Well, in short, no. The problem is that politics raises my blood pressure, sends me into fits and generally drives me to want to hurt somebody. Yes, the current state of politics is sad at best, and lord knows we need all the help we can get… But the inane ramblings of one more pissed off libertarian in the blog world isn’t going to help matters. And yes, sadly I am pissed off and can no longer approach the topic of politics in any sort of a civil manner. Caveman style, maybe, but not civil. Not right now.

So, not wanting to give up on blogging, I’ve been pondering just what I can blog about that’s not completely asinine but not prone to making me want to go all incredible Hulk.

And then it hit me. What’s one of my top pet peeves right now? Wussies! Or more specifically, the wussification of America.

Wait, what?!

Wussification. You know, the deliberate drive to make everybody soft and shelter them from all of those things that are deemed “bad” or “immoral” by the neo-prudence movement.

Want to know what I’m talking about? Well, here’s a perfect example from yesterday’s paper:

Minnetonka Urges Anti-Grinding At School Dances

Ok, let’s get real for a minute here. We’ve all been kids and we’ve all danced in ways that made adults raised an eyebrow. But by and large I do believe that we turned out OK. We didn’t turn into freaky sex addicts because we squirmed around one another on the dance floor. Hell, I was in high school in the 90’s and believe me, dancing at our school was always a provocative affair.

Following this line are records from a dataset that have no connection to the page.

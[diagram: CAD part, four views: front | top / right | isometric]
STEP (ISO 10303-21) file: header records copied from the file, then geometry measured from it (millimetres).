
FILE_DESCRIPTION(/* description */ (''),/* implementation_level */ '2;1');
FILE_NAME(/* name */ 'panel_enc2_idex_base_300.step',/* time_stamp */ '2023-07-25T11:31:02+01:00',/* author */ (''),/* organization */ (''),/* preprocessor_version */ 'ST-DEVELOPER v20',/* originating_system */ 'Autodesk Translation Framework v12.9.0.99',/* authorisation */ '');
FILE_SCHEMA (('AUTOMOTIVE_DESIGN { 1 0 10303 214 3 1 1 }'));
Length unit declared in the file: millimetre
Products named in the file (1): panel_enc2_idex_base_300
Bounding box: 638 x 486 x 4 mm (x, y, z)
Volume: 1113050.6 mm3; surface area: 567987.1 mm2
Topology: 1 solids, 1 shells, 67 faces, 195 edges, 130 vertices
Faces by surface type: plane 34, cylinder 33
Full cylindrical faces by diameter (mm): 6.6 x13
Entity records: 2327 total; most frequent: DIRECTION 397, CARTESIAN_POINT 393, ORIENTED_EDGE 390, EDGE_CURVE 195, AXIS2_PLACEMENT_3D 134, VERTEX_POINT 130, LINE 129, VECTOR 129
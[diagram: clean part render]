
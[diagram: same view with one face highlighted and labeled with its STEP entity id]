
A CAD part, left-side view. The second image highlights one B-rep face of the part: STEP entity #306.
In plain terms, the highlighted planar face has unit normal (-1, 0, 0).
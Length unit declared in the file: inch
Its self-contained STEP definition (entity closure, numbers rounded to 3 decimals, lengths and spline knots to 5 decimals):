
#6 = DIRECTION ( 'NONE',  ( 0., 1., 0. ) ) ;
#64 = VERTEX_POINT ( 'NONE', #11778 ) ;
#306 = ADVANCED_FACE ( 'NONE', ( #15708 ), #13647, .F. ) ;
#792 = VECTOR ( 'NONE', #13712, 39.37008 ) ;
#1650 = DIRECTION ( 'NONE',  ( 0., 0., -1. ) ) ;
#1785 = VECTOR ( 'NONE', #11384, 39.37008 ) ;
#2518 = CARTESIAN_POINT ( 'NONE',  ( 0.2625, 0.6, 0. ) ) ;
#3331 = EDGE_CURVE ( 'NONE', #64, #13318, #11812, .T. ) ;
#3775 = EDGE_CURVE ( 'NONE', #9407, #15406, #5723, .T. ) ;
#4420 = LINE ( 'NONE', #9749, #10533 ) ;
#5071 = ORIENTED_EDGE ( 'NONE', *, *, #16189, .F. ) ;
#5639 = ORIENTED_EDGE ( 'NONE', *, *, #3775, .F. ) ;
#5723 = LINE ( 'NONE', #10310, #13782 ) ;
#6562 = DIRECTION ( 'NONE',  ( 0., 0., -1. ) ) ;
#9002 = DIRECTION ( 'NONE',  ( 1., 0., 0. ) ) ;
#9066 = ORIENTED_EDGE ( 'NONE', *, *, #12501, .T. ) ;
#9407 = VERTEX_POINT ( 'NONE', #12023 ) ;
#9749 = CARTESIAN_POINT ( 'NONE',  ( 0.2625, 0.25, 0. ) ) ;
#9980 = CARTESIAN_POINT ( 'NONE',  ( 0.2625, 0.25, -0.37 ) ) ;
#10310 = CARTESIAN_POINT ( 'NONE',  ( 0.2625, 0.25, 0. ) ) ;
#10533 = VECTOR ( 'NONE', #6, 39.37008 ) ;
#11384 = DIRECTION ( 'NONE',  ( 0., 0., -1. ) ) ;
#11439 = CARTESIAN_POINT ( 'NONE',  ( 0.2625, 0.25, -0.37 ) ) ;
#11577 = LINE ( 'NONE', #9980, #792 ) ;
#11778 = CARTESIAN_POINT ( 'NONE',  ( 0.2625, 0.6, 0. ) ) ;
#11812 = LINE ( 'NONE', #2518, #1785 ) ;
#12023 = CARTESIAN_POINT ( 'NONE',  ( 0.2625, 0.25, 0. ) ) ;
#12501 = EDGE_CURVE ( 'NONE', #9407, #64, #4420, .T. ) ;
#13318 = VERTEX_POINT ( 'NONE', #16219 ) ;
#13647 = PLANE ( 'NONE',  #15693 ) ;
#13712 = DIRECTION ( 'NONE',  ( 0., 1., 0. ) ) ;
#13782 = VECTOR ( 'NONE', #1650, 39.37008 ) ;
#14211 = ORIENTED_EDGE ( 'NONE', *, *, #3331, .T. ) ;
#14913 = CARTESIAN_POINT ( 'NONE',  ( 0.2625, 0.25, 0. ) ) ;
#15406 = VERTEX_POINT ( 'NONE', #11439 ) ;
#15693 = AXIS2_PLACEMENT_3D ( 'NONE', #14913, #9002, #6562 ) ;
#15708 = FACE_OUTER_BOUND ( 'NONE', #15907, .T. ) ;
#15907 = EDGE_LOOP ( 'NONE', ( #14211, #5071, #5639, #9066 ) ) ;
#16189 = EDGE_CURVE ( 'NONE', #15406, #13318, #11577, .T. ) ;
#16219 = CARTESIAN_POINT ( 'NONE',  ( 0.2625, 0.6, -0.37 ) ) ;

Yet we survived. We had fun and enjoyed the frivolousness of our youth. And turned out just fine.

So now we fast forward to 2009, and in Minnetonka, MN they’re claiming that “They’re duplicating sexual acts. It’s suggestive sexually, and we’ve tried to calm that down.”

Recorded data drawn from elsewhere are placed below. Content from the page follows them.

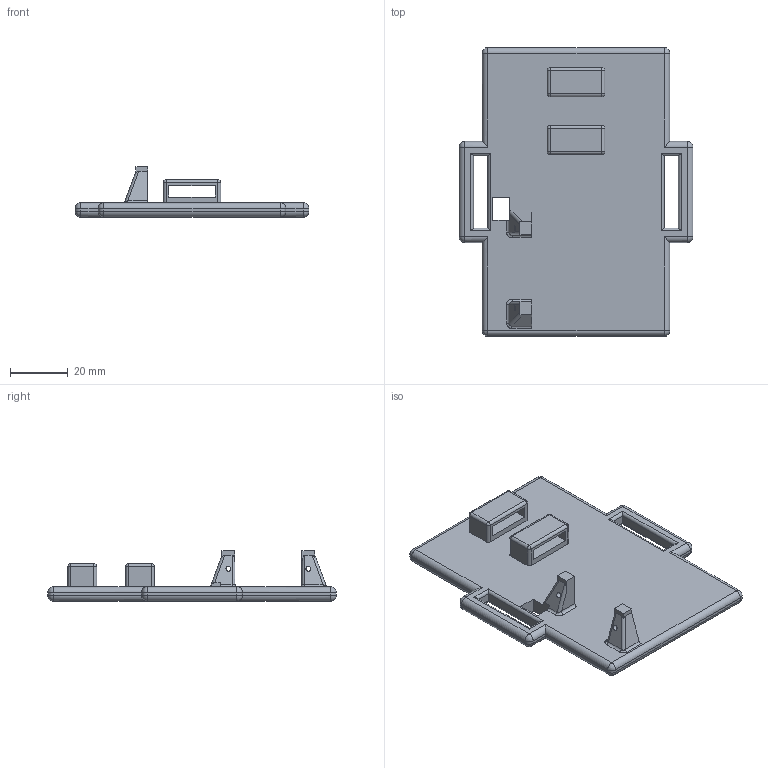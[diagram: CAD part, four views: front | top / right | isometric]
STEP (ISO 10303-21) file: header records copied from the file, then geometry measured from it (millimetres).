
FILE_DESCRIPTION(/* description */ ('STEP AP242','CAx-IF Rec.Pracs.---Representation and Presentation of Product Manufacturing Information (PMI)---4.0---2014-10-13','CAx-IF Rec.Pracs.---3D Tessellated Geometry---0.4---2014-09-14','2;1'),/* implementation_level */ '2;1');
FILE_NAME(/* name */ '68703a5c3011cf6383a264e2',/* time_stamp */ '2025-07-10T22:10:37Z',/* author */ (''),/* organization */ (''),/* preprocessor_version */ 'ST-DEVELOPER v20',/* originating_system */ 'ONSHAPE BY PTC INC, 1.200',/* authorisation */ ' ');
FILE_SCHEMA (('AP242_MANAGED_MODEL_BASED_3D_ENGINEERING_MIM_LF { 1 0 10303 442 1 1 4 }'));
Length unit declared in the file: metre
Products named in the file (1): Part 1
Bounding box: 81 x 100 x 17.5 mm (x, y, z)
Volume: 35908.5 mm3; surface area: 17284.9 mm2
Topology: 1 solids, 1 shells, 160 faces, 389 edges, 210 vertices
Faces by surface type: cylinder 75, plane 58, sphere 24, bspline 3
Full cylindrical faces by diameter (mm): 1.7 x2
Entity records: 4453 total; most frequent: DIRECTION 809, CARTESIAN_POINT 772, ORIENTED_EDGE 722, EDGE_CURVE 361, AXIS2_PLACEMENT_3D 290, LINE 229, VECTOR 229, VERTEX_POINT 208
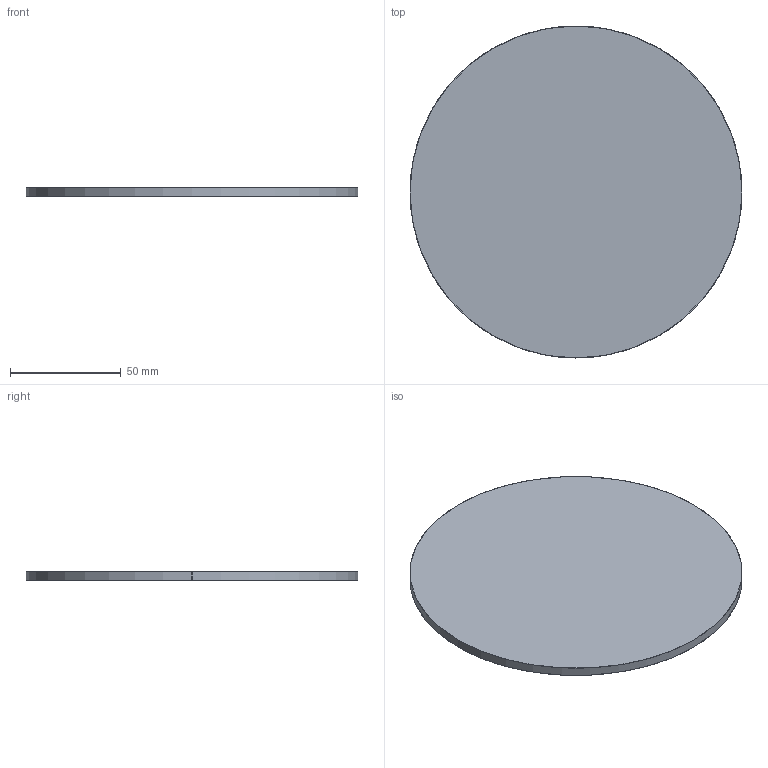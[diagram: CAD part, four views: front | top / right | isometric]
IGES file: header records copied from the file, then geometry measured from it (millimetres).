
Start section: SolidWorks IGES file using analytic representation for surfaces
Global section: file name: Web Model 17171_17181.igs; native system: SolidWorks 2018; preprocessor: SolidWorks 2018; author: JPoff; date: 210809.110506; units: inch
Bounding box: 150 x 150 x 4 mm (x, y, z)
Surface area: 37227.9 mm2 (no closed solid volume)
Topology: 0 solids, 0 shells, 4 faces, 136 edges, 136 vertices
Faces by surface type: revolution 2, bspline 2

Neat. You know what I call this?

WUSSY!

Seriously, what are these people so afraid of? Sheltering our children is not only a pointless endeavor, it makes them WUSSIES!

UGH!

I think what really bothers me is that the wussies pushing for this sort of thing are simply trying to spread their wussiness and create a bunch of soft, feeble candyasses. I mean, listen to this:

Best said appropriate dancing and the push for that kind of dancing is necessary.

“We’ve had a problem over the last couple of years with kids grinding and doing some inappropriate things on the dance floor, and we just want to let the kids know we’re aware of it,” he said. “We want to make a safe, fun atmosphere for kids to have a dance.”

ARRRGG!

Ok, listen up all of you juvenile delinquents out there… Here’s my advice to you. Go out. Dance. Have fun. Grab some ass. Try and suck your partner’s brains out therough their mouth and maybe leave a hicky or two. And if anybody out there – whether some pansy adult or some puckered up kid in khaki chinos – tries to tell you that you have to calm it down and act “like your grandma is watching,” tell them to piss off and then tell them to talk to me. I’d be more than happy to straighten them out.